*** Block opens ***

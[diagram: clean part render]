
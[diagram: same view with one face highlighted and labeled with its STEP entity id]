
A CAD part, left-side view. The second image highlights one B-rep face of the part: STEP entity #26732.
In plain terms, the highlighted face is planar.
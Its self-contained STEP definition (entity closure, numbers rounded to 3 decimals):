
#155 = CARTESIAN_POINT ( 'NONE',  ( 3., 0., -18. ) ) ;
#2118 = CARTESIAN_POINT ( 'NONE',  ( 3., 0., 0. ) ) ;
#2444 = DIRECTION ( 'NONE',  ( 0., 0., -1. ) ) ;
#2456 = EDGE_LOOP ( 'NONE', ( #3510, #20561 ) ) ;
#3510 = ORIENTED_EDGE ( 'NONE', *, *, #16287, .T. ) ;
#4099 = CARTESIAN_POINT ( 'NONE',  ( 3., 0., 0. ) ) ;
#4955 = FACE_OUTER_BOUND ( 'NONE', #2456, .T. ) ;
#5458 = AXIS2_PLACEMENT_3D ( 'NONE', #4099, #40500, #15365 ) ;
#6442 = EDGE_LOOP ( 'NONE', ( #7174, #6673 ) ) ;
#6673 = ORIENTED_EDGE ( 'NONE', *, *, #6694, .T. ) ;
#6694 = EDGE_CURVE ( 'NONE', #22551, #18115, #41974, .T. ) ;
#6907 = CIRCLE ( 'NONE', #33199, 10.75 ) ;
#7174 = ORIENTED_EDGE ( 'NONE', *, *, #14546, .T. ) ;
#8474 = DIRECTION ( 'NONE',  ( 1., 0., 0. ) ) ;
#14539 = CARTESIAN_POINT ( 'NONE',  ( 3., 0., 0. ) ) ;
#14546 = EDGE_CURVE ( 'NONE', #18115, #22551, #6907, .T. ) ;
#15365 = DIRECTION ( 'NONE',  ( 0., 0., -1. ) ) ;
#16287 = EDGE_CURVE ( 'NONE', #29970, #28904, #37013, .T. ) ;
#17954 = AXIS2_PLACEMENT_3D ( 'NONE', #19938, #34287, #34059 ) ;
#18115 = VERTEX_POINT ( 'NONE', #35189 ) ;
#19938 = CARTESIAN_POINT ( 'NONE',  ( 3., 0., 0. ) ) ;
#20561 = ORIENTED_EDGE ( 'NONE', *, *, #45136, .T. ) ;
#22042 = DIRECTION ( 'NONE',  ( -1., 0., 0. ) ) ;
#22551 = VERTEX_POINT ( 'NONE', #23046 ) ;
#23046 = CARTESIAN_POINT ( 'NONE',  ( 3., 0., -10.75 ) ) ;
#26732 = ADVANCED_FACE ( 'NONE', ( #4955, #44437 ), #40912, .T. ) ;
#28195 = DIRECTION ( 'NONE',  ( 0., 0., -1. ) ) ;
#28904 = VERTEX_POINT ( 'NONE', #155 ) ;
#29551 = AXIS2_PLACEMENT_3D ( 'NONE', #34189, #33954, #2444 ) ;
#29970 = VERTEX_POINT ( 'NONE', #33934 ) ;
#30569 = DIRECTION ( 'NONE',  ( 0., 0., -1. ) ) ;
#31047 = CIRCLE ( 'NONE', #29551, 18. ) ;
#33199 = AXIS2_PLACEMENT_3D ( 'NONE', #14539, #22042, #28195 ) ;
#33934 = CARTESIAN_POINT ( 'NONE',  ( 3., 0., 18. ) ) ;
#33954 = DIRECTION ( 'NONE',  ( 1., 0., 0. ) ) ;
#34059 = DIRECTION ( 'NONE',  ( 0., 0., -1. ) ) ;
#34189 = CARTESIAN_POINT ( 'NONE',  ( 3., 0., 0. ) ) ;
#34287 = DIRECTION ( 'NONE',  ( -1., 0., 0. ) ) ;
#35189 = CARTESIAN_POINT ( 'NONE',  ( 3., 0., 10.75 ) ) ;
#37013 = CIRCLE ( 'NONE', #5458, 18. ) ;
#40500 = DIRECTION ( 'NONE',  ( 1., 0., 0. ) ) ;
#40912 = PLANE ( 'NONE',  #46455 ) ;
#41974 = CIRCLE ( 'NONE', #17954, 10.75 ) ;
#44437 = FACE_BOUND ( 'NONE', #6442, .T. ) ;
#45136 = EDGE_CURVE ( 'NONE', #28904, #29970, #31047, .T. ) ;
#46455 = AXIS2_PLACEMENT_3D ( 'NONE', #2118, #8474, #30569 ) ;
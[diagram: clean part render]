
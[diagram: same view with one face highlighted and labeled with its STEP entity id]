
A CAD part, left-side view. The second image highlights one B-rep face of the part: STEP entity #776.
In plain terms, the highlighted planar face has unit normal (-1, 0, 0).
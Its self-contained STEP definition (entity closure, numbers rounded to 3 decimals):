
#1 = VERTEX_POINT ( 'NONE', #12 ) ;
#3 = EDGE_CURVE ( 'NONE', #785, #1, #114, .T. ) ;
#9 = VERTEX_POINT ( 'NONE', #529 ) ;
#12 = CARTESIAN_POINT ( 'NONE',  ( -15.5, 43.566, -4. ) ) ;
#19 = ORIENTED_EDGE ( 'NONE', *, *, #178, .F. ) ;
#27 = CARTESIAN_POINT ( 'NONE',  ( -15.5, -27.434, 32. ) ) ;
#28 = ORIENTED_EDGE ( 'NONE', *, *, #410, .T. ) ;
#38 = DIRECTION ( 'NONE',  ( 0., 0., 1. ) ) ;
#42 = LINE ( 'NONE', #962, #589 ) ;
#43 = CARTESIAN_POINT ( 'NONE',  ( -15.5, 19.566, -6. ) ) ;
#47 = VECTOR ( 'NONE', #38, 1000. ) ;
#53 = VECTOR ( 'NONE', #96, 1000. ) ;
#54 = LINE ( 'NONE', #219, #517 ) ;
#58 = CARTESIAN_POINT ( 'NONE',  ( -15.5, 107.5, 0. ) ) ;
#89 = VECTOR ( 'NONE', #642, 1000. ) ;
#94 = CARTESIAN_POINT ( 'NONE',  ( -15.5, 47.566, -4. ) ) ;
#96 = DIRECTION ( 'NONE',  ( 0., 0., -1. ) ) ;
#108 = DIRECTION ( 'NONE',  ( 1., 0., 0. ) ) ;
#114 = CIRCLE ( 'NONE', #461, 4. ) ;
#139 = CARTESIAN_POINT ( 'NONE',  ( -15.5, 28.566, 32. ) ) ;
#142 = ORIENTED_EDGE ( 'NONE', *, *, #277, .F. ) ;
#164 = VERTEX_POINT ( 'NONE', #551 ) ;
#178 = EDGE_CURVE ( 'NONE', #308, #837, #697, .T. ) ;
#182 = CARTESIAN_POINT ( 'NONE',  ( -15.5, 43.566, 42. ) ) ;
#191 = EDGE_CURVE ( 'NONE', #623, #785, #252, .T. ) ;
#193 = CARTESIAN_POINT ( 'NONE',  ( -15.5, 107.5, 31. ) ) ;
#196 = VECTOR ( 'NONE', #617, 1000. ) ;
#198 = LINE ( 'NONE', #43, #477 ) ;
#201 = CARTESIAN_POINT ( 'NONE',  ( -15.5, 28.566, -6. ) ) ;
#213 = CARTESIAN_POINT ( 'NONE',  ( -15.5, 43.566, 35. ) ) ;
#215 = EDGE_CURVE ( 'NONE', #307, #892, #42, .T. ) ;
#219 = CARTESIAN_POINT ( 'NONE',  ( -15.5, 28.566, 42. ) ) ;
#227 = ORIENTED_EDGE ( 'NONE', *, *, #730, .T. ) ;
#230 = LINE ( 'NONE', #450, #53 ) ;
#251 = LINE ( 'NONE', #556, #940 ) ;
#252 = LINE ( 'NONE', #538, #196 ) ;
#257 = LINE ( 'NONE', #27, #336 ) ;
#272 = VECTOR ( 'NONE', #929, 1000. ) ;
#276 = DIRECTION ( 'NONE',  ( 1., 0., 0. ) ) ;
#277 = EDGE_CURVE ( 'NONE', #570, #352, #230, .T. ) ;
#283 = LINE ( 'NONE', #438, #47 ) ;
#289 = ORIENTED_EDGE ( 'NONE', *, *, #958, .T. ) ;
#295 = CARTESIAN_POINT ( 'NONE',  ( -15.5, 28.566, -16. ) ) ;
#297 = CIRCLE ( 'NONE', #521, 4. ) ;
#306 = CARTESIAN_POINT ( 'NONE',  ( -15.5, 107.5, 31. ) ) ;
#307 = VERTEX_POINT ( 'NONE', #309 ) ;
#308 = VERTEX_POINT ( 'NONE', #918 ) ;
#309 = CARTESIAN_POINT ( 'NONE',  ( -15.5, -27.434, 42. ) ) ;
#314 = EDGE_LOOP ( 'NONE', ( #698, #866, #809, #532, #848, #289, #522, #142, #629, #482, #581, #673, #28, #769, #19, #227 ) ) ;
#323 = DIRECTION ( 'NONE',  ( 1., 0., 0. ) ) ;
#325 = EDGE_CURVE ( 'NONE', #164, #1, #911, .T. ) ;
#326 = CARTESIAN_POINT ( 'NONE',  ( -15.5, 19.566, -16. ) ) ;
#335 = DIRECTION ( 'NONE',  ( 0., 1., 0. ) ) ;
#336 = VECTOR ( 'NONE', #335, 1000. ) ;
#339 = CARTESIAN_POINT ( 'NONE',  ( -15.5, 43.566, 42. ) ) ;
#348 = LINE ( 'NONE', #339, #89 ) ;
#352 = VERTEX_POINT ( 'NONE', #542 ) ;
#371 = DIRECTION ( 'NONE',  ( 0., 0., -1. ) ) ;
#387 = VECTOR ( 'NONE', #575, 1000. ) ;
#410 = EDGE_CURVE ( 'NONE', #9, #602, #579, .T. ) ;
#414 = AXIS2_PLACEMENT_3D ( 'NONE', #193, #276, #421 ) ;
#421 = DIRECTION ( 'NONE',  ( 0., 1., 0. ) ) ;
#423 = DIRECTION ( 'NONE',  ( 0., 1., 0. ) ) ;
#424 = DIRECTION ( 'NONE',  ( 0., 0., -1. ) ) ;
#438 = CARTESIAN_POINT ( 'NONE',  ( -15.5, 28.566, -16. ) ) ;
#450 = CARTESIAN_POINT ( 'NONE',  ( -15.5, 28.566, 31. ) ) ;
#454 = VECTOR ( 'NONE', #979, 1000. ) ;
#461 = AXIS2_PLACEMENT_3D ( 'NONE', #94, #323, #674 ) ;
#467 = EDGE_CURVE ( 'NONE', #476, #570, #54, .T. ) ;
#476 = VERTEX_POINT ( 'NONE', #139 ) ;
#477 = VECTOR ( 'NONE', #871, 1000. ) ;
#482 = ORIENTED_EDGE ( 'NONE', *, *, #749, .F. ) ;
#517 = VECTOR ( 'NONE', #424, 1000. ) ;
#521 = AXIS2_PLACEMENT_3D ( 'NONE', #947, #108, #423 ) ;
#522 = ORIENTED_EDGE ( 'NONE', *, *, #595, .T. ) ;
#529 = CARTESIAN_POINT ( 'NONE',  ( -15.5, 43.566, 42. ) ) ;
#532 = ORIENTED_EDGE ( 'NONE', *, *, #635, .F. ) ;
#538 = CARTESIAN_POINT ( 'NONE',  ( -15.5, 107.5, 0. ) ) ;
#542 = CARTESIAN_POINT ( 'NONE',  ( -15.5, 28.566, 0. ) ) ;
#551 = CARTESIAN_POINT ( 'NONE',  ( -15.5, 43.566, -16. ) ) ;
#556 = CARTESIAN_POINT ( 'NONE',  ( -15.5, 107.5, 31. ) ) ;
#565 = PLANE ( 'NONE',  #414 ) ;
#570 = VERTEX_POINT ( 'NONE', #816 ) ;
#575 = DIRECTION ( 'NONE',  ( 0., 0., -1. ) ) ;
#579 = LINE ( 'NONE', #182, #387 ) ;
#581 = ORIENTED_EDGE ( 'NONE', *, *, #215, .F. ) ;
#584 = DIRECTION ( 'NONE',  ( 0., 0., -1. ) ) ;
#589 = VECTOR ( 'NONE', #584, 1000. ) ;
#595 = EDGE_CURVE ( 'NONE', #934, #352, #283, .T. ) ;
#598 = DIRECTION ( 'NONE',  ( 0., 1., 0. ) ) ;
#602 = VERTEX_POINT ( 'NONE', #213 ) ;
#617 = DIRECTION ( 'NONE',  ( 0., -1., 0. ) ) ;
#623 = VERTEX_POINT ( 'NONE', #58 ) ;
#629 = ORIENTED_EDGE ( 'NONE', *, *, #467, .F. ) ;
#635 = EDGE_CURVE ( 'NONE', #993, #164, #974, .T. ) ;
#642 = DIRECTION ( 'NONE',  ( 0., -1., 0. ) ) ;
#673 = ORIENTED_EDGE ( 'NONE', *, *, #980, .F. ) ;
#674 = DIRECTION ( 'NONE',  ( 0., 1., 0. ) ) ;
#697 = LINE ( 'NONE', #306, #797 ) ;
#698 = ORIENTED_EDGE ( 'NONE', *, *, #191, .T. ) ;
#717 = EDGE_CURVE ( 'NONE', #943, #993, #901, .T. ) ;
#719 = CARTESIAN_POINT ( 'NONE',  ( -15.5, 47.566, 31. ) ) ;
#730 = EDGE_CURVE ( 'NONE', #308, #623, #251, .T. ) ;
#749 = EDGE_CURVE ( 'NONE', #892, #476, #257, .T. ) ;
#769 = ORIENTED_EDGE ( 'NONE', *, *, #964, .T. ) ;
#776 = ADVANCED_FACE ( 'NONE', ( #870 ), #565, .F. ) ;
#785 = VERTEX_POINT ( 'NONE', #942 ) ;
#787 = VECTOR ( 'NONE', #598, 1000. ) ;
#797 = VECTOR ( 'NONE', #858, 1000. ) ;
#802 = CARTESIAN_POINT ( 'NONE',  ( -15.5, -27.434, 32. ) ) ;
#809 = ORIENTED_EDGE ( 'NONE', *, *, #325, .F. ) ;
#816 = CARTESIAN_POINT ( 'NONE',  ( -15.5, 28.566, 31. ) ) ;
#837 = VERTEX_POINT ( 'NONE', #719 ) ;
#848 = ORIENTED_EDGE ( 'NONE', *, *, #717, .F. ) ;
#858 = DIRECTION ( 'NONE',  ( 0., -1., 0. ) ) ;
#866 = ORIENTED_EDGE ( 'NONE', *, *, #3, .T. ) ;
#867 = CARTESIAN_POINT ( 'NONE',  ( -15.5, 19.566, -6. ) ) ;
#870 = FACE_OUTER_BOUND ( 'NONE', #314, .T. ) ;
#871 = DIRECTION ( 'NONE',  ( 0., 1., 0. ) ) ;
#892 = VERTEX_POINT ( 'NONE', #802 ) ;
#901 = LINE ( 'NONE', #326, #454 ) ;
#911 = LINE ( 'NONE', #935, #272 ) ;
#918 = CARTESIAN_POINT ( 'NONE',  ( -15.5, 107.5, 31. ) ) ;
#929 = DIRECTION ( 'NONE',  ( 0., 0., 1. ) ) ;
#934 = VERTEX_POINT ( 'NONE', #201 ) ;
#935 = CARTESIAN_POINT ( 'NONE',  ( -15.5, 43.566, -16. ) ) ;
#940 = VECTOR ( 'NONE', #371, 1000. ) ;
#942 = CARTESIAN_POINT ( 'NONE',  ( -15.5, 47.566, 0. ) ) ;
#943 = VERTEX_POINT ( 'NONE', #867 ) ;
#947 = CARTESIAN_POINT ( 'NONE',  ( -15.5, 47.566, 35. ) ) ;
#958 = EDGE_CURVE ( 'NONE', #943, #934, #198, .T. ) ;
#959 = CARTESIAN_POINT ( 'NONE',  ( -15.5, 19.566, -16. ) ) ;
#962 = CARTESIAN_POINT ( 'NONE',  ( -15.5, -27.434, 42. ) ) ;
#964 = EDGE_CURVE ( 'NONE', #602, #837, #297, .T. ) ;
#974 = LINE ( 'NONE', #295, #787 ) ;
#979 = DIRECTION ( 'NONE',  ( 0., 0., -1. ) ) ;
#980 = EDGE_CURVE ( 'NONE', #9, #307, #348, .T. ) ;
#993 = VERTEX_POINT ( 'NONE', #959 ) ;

*** Block closes ***

YOUR OBJECTIVE
Your answer must be the line that contains "#809 = ORIENTED_EDGE" and every line after it to the end of the records, reproduced exactly.

RESPONSE TO THE EXERCISE
#809 = ORIENTED_EDGE ( 'NONE', *, *, #325, .F. ) ;
#816 = CARTESIAN_POINT ( 'NONE',  ( -15.5, 28.566, 31. ) ) ;
#837 = VERTEX_POINT ( 'NONE', #719 ) ;
#848 = ORIENTED_EDGE ( 'NONE', *, *, #717, .F. ) ;
#858 = DIRECTION ( 'NONE',  ( 0., -1., 0. ) ) ;
#866 = ORIENTED_EDGE ( 'NONE', *, *, #3, .T. ) ;
#867 = CARTESIAN_POINT ( 'NONE',  ( -15.5, 19.566, -6. ) ) ;
#870 = FACE_OUTER_BOUND ( 'NONE', #314, .T. ) ;
#871 = DIRECTION ( 'NONE',  ( 0., 1., 0. ) ) ;
#892 = VERTEX_POINT ( 'NONE', #802 ) ;
#901 = LINE ( 'NONE', #326, #454 ) ;
#911 = LINE ( 'NONE', #935, #272 ) ;
#918 = CARTESIAN_POINT ( 'NONE',  ( -15.5, 107.5, 31. ) ) ;
#929 = DIRECTION ( 'NONE',  ( 0., 0., 1. ) ) ;
#934 = VERTEX_POINT ( 'NONE', #201 ) ;
#935 = CARTESIAN_POINT ( 'NONE',  ( -15.5, 43.566, -16. ) ) ;
#940 = VECTOR ( 'NONE', #371, 1000. ) ;
#942 = CARTESIAN_POINT ( 'NONE',  ( -15.5, 47.566, 0. ) ) ;
#943 = VERTEX_POINT ( 'NONE', #867 ) ;
#947 = CARTESIAN_POINT ( 'NONE',  ( -15.5, 47.566, 35. ) ) ;
#958 = EDGE_CURVE ( 'NONE', #943, #934, #198, .T. ) ;
#959 = CARTESIAN_POINT ( 'NONE',  ( -15.5, 19.566, -16. ) ) ;
#962 = CARTESIAN_POINT ( 'NONE',  ( -15.5, -27.434, 42. ) ) ;
#964 = EDGE_CURVE ( 'NONE', #602, #837, #297, .T. ) ;
#974 = LINE ( 'NONE', #295, #787 ) ;
#979 = DIRECTION ( 'NONE',  ( 0., 0., -1. ) ) ;
#980 = EDGE_CURVE ( 'NONE', #9, #307, #348, .T. ) ;
#993 = VERTEX_POINT ( 'NONE', #959 ) ;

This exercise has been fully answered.